Job Description
Work Products and Outcomes:
The Data Engineer shall meet the following key high-level work products and outcomes as identified by LADBS: (Note: this list is not exhaustive.)
- Develop, construct, test, and maintain data architectures and pipelines.
- Create best-practice ETL frameworks; repeatable and reliable data pipelines that convert data into powerful signals and features.
- Handle raw data (structured, unstructured, and semi-structured) and align it into a more usable, structured format that is better suited for reporting and analytics.
- Work with the cloud solutions architect to ensure data solutions are aligned with company platform architecture and all aspects related to infrastructure.
- Collaborate with business teams to improve data models that feed business intelligence tools, increasing data accessibility and fostering data-driven decision making across the organization.
- Ensure data pipeline architecture will support the requirements of the business.
- Document processes and perform periodic system reviews to ensure adherence to established standards and processes.
- Evaluate and advise on technical aspects of open work requests in the product backlog with the project lead.
- Define Cloud infrastructure Reference Architectures for common solution archetypes
- Real-time bidirectional data pipeline from Oracle transactional databases to a data lake in the cloud.
- Clear, comprehensive documentation related to the data pipeline.
- Regular reports on the status of data pipeline development.
- Other related tasks identified by LADBS
Performance Specifications:
The qualified candidate must possess the following skills and experience in the following areas:
- A bachelor's degree in Computer Science, Data Science, Software/Computer Engineering, or a related field.
- Proven experience as a Data Engineer or in a similar role, with a track record of manipulating, processing, and extracting value from large disconnected datasets.
- Demonstrated technical proficiency with data architecture, databases, and processing large data sets.
- Proficient in Oracle databases and comprehensive understanding of ETL processes, including creating and implementing custom ETL processes.
- Experience with cloud services (AWS, Azure), and understanding of distributed systems, such as Hadoop/MapReduce, Spark, or equivalent technologies.
- Knowledge of Kafka, Kinesis, OCI Data Integration, Azure Service Bus or similar technologies for real-time data processing and streaming.
- Experience designing, building, and maintaining data processing systems, as well as experience working with either a MapReduce or an MPP system.
- Strong organizational, critical thinking, and problem-solving skills, with clear understanding of high-performance algorithms and Python scripting.
- Experience with machine learning toolkits, data ingestion technologies, data preparation technologies, and data visualization tools is a plus.
- Excellent communication and collaboration abilities, with the ability to work in a dynamic, team-oriented environment and adapt to changes in a fast-paced work environment.
- Data-driven mindset, with the ability to translate business requirements into data solutions.
- Experience with version control systems e.g.

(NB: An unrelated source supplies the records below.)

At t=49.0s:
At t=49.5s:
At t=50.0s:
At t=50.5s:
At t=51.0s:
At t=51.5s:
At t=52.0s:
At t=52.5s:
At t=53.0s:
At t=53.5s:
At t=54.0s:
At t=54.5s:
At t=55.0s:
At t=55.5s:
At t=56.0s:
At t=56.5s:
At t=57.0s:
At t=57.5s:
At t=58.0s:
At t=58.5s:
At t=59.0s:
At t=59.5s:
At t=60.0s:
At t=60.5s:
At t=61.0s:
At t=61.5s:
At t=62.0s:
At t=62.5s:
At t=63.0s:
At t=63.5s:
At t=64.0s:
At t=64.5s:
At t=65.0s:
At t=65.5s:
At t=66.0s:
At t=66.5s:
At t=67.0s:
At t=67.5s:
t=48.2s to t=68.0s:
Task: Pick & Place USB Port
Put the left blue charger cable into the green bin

Git, and with agile methodologies/scrum.
- Certifications in related field would be an added advantage (e.g. Google Certified Professional Data Engineer, AWS Certified Big Data, etc.).
Work hours and location:
- Estimated Start Date: 5/8/2024 ** The candidate proposed must be available on the estimated start date.

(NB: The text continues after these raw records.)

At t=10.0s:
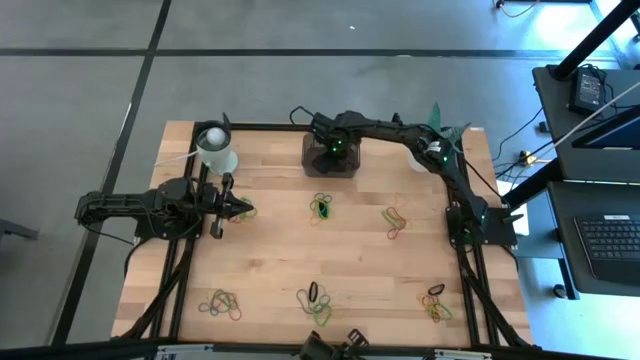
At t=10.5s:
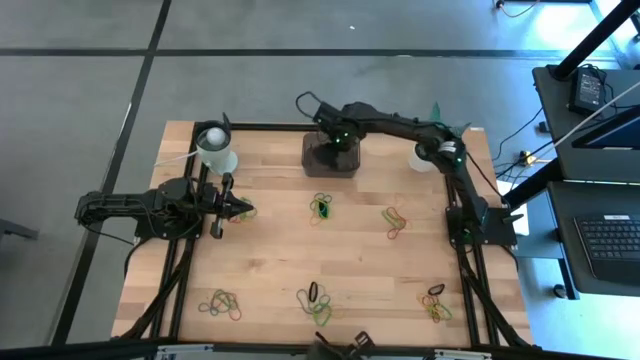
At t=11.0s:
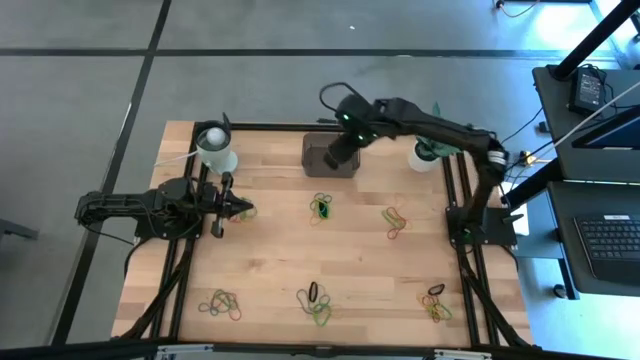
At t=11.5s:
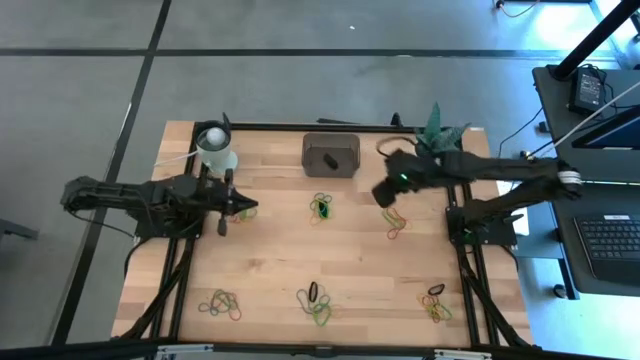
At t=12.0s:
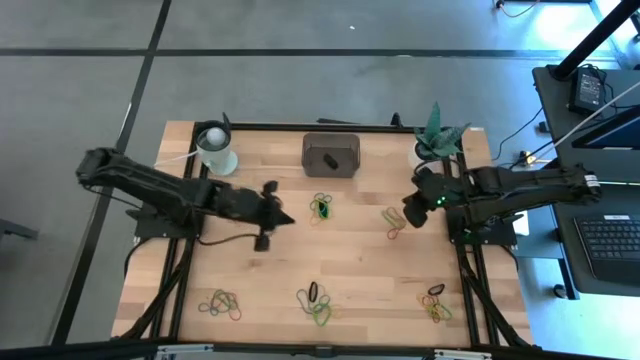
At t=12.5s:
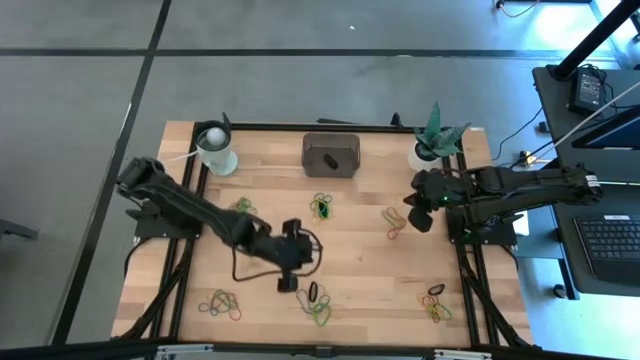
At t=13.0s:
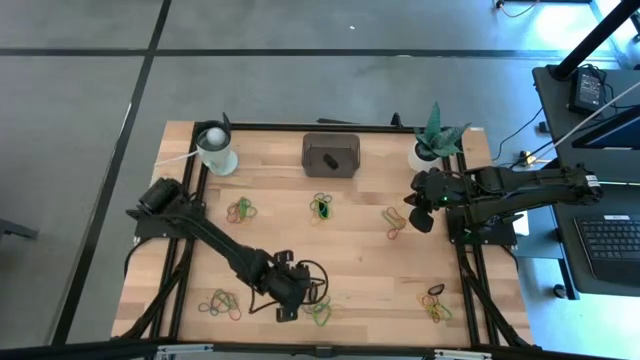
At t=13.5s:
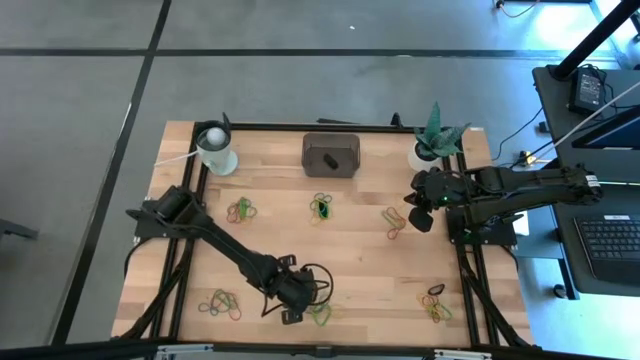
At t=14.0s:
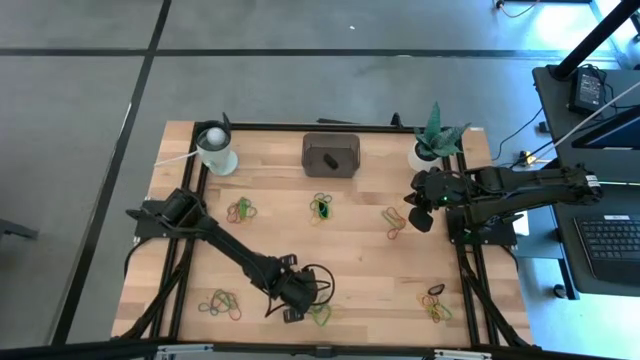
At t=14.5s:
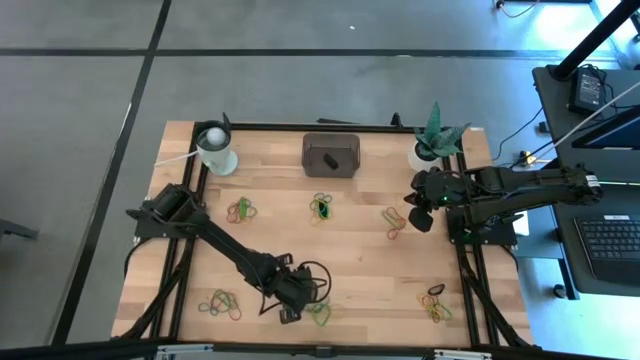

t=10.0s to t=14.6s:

- Estimated Completion Date: 3/22/2025
- This is a Remote role
Evaluation Criteria:
LADBS will review the TOS Responses received and select up to 5 of the most qualified candidates to be interviewed based on a review of the resumes provided and the criteria below.
- Education
- Relevant degree in Computer Science, Engineering, Information Technology, or related field
- Advanced degrees or certifications related to Data Engineering
- Experience
- Previous work experience with data migration and engineering
- Hands-on experience with data warehouses
- Demonstrated experience in managing and optimizing data pipelines and architectures
- Technical Knowledge
- Strong understanding of streaming data platforms and pub-sub models
- In-depth knowledge of data warehousing concepts, including data storage, retrieval, and pipeline optimization
Spruce Technology, Inc. is a mid-size, award-winning (Inc 5000, SmartCEO, Entrepreneur of the Year) technology services firm with a steadily growing portfolio of commercial and government clients. Spruce provides innovative technology solutions, specialized IT staff, and IT strategy consulting nationwide. Spruce maintains partnerships with major technology vendors and continually develops leading-edge offerings in service areas such as digital experience, data services, application development, infrastructure, cyber security, and IT staffing.
Spruce Technology, Inc. is an affirmative action and equal opportunity employer. All qualified applicants will receive consideration for employment without regard to race, color, religion, sex, disability, age, sexual orientation, gender identity, national origin, veteran status, or genetic information. Consistent with the Americans with Disabilities Act, it is the policy of Spruce Technology, Inc. to provide reasonable accommodation when requested by a qualified applicant or employee with a disability, unless such accommodation would cause an undue hardship. The policy regarding requests for reasonable accommodation applies to all aspects of employment, including the application process.